* **ASSIGNED TASK**
Transcribe each line below verbatim; pictures excluded.

* **EXTRACTED ENTRIES**
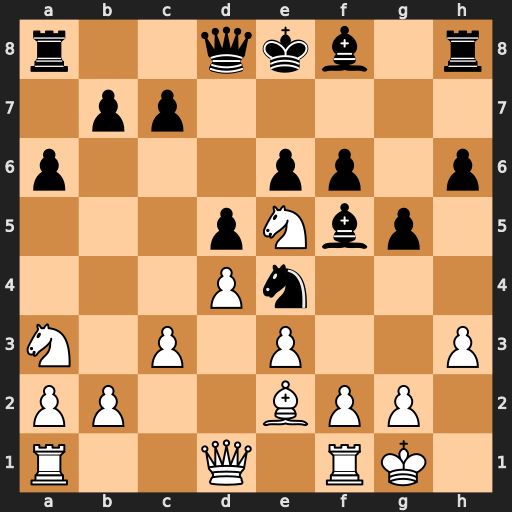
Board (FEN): r2qkb1r/1pp5/p3pp1p/3pNbp1/3Pn3/N1P1P2P/PP2BPP1/R2Q1RK1
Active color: w
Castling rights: kq
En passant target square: -
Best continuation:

* **OUTPUT OF THE TASK**
Board (FEN): r2qkb1r/1pp5/p3pp1p/3pNbp1/3Pn3/N1P1P2P/PP2BPP1/R2Q1RK1
Active color: w
Castling rights: kq
En passant target square: -
Best continuation:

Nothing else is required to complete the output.